子どもたちが全員そろえば話はスムーズにできるはず。「調査」って、大げさに聞こえますね。
遺言がなかった場合、遺産を相続人で分けるには遺産分割協議をします。協議には法定相続人が全員参加する必要があります。1人でも欠けると、合意した内容は無効になるのです。そのために、誰が相続人になるかを調べる必要があります。
でも、どうやったら相続人を調べられるんだろう。
市区町村役場で、故人の戸籍謄本を取ります。本人が生まれてから死ぬまでの結婚・離婚歴のほか、子どもの有無、養子縁組に関する情報が記されているので、自分たち以外に相続人がいるかどうかが分かります。
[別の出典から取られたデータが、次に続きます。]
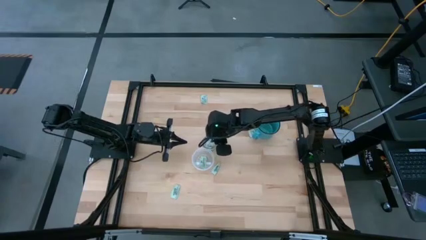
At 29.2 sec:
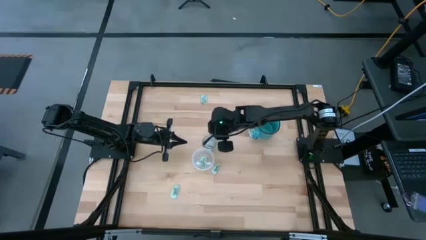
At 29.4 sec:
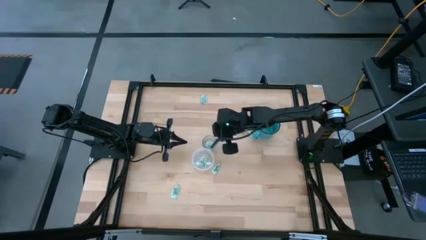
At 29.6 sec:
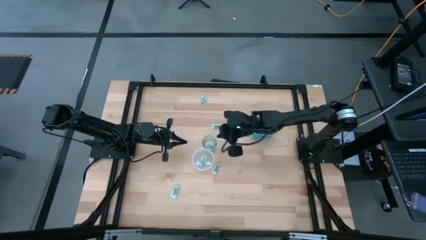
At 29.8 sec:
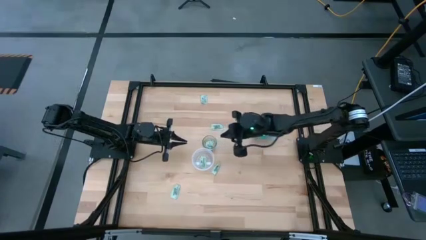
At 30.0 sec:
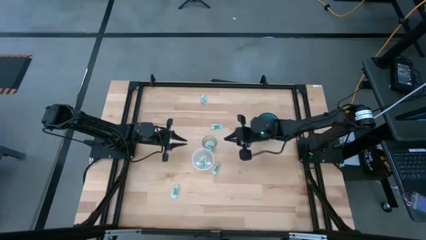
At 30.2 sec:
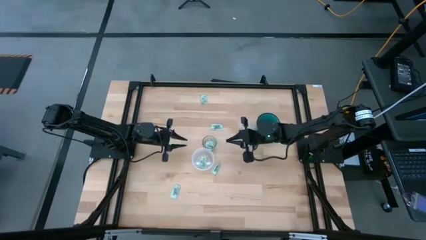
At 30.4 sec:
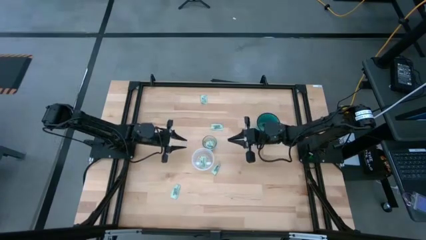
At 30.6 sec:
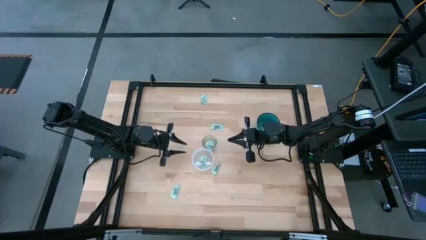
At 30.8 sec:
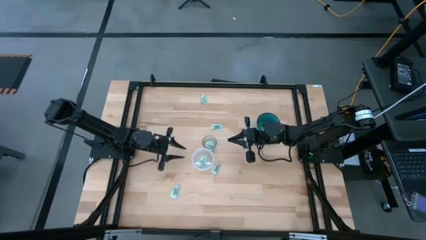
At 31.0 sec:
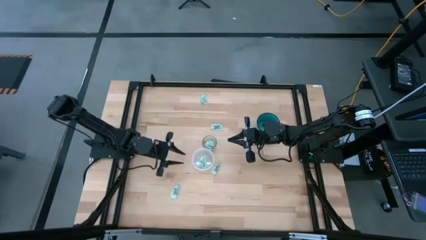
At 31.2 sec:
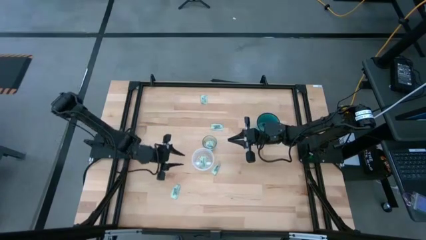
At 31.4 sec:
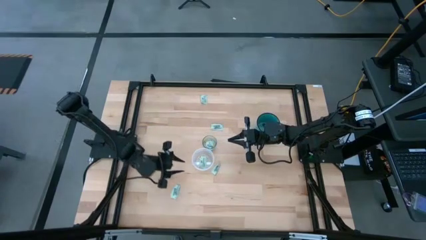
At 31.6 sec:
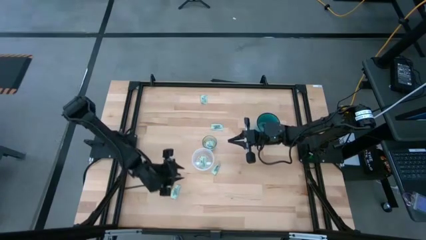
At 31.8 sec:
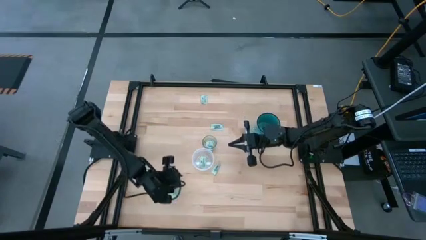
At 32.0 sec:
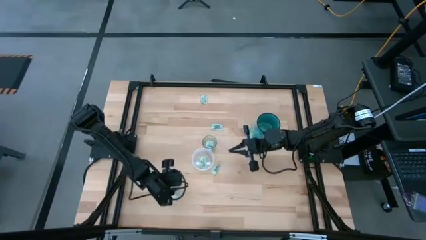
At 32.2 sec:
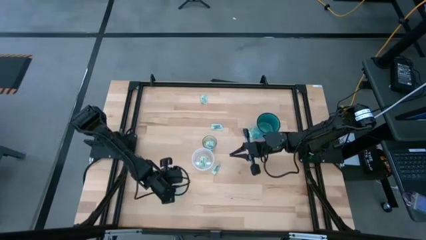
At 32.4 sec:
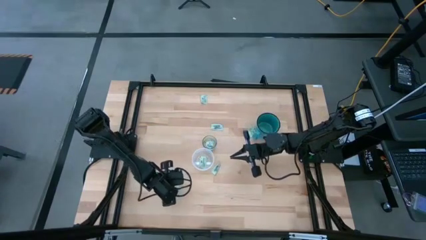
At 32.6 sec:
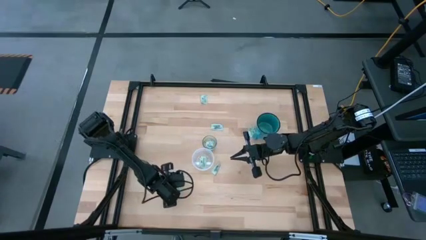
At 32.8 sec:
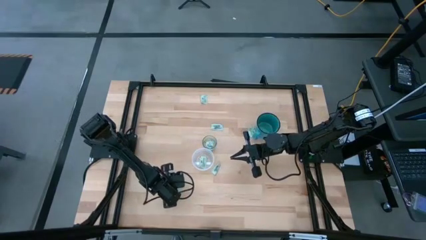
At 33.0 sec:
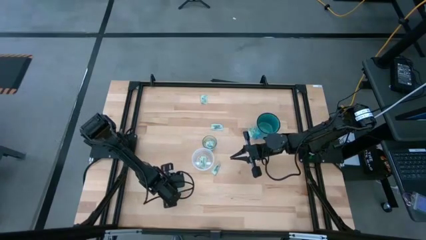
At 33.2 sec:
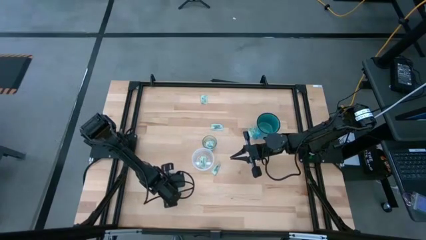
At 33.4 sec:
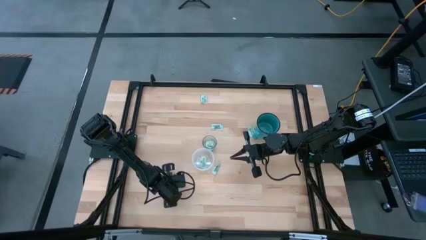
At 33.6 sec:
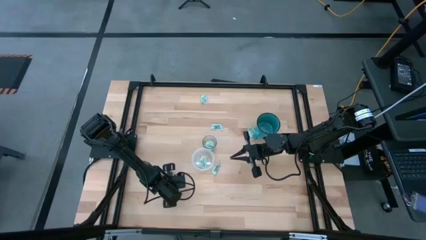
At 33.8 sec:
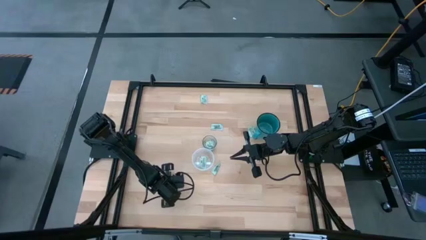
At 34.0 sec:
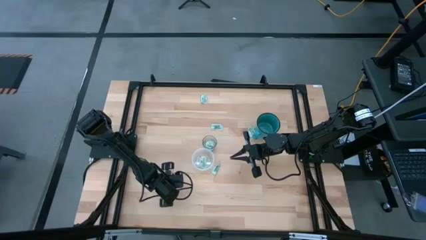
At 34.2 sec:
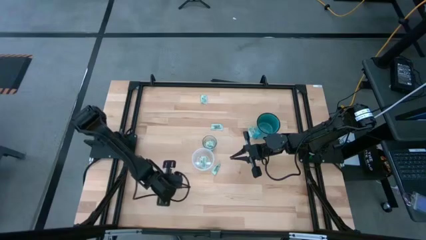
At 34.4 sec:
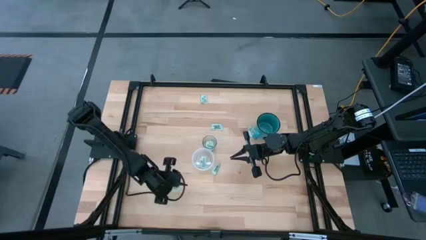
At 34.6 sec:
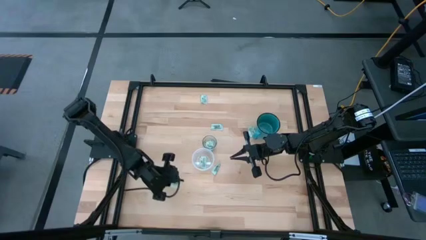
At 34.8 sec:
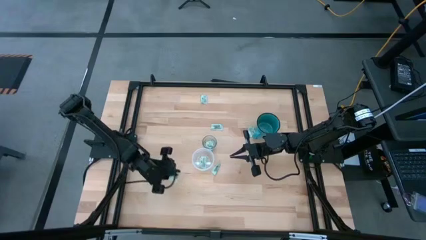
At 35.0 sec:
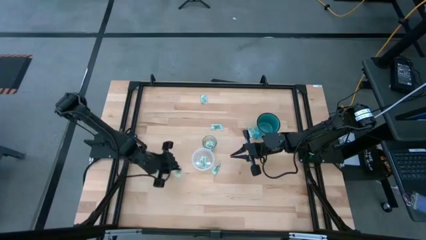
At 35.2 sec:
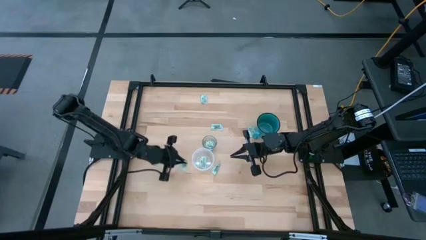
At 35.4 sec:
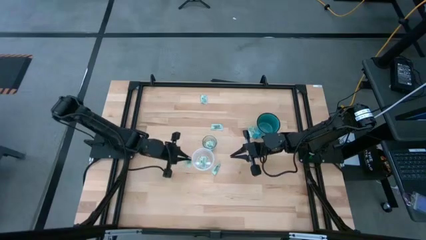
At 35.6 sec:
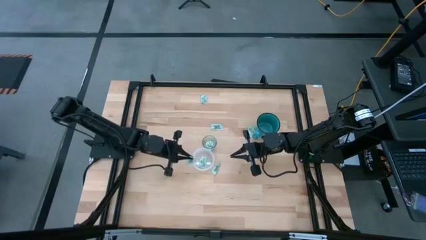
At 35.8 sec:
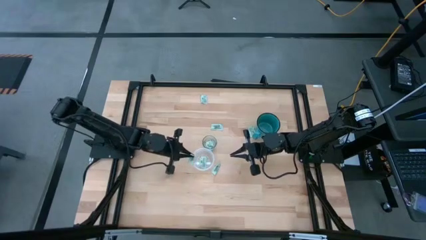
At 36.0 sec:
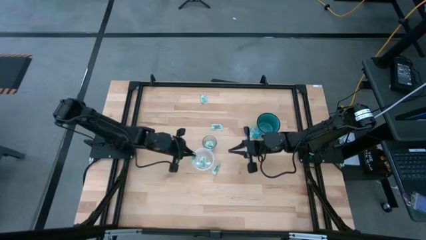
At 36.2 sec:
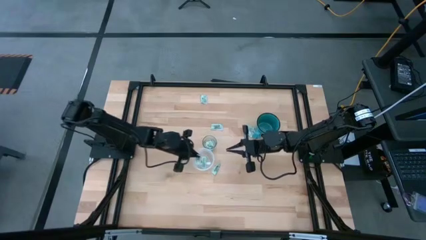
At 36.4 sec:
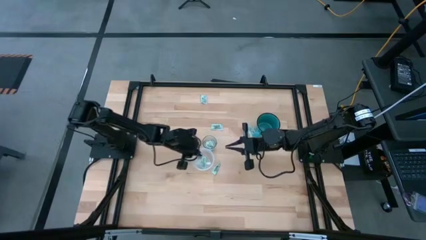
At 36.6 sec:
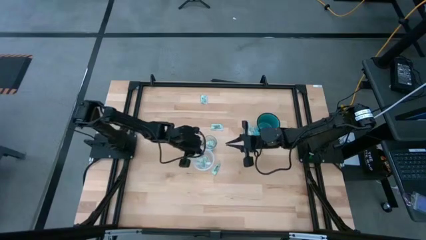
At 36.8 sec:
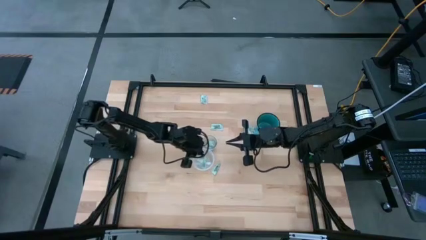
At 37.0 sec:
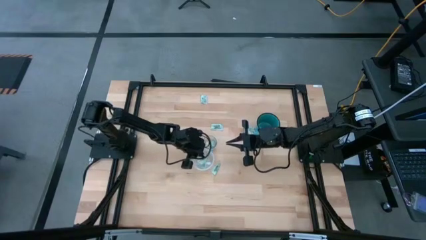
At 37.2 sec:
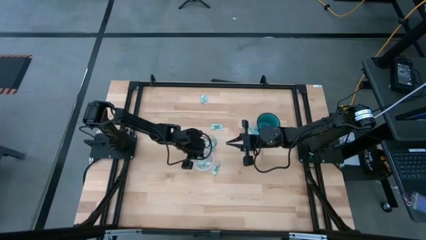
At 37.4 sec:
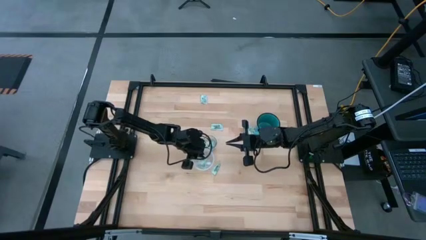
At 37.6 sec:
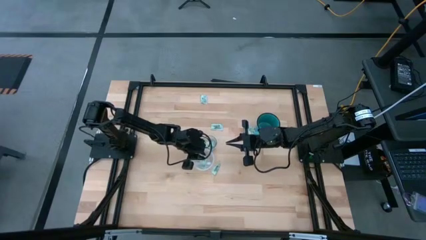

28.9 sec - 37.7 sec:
Task: Pick and place items into bin
Put the transparent stevia packet into the transparent bin

じゃあ、簡単ね。戸籍謄本は、窓口で交付を申請すればいいし、郵送でも請求できるはずよね。
そんなに簡単ではないかもしれません。亡くなった人が引っ越しのたびに本籍地を移しているような場合、本籍を移したすべての各市区町村役場に請求しないといけないんです。
たとえば、亡くなった親の本籍がある東京都の世田谷区役所から戸籍謄本を取り寄せて内容を確認したところ、かつての転勤先だった水戸市に本籍地を移していたことがわかったら、水戸市役所からも戸籍謄本をもらわないといけないのか。
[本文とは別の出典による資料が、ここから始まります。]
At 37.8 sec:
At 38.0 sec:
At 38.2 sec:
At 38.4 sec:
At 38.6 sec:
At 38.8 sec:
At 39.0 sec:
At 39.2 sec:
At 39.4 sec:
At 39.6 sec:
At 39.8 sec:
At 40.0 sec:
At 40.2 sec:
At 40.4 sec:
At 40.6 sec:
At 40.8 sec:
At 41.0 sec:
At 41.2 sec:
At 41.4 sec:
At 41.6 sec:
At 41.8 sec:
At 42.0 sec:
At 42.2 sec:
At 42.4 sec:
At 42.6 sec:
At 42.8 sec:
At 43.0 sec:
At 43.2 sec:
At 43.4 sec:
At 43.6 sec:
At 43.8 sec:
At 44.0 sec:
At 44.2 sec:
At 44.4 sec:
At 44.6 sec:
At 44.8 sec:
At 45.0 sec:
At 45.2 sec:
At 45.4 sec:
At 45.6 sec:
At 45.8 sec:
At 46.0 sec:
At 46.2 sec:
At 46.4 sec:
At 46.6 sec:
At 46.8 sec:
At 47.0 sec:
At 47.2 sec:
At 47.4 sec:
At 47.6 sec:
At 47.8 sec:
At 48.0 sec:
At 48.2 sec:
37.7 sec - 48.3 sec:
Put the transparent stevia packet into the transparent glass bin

そうなります。何度も本籍地が変わっていると書類の量が増えて、手間がかかります。もし「大変かもしれない」と思ったら、早めに弁護士や司法書士に相談してみてください。手続きを代行してくれますよ。
思っているより、時間がかかるかもしれないんだね。
法定相続人が確定したら、亡くなった人と相続人の関係を記した「法定相続情報一覧図」を作成しておくと便利です。家系図のようなものです。法務局に申し出すると「認証文付き法定相続情報一覧図の写し」を交付してくれます。これがあると、金融機関で預貯金の解約払い戻しや相続登記などにも使え、そのたびに戸籍謄本を出す手間が省けます。
もしも戸籍謄本の中に知らない人の名前を見つけたら?
親に離婚歴がある場合、前の配偶者との間に子どもがいたら、その子どもは相続人になります。自分が相続人だと把握していないかもしれません。家族によって対応は異なると思いますが、まずは手紙などで、親が亡くなったと伝えることが必要です。いきなり遺産の話を持ち出すと、いい印象を与えないかもしれません。「自分だったら、どうやって連絡してほしいか」を考えながら、丁寧に接することを心がけてください。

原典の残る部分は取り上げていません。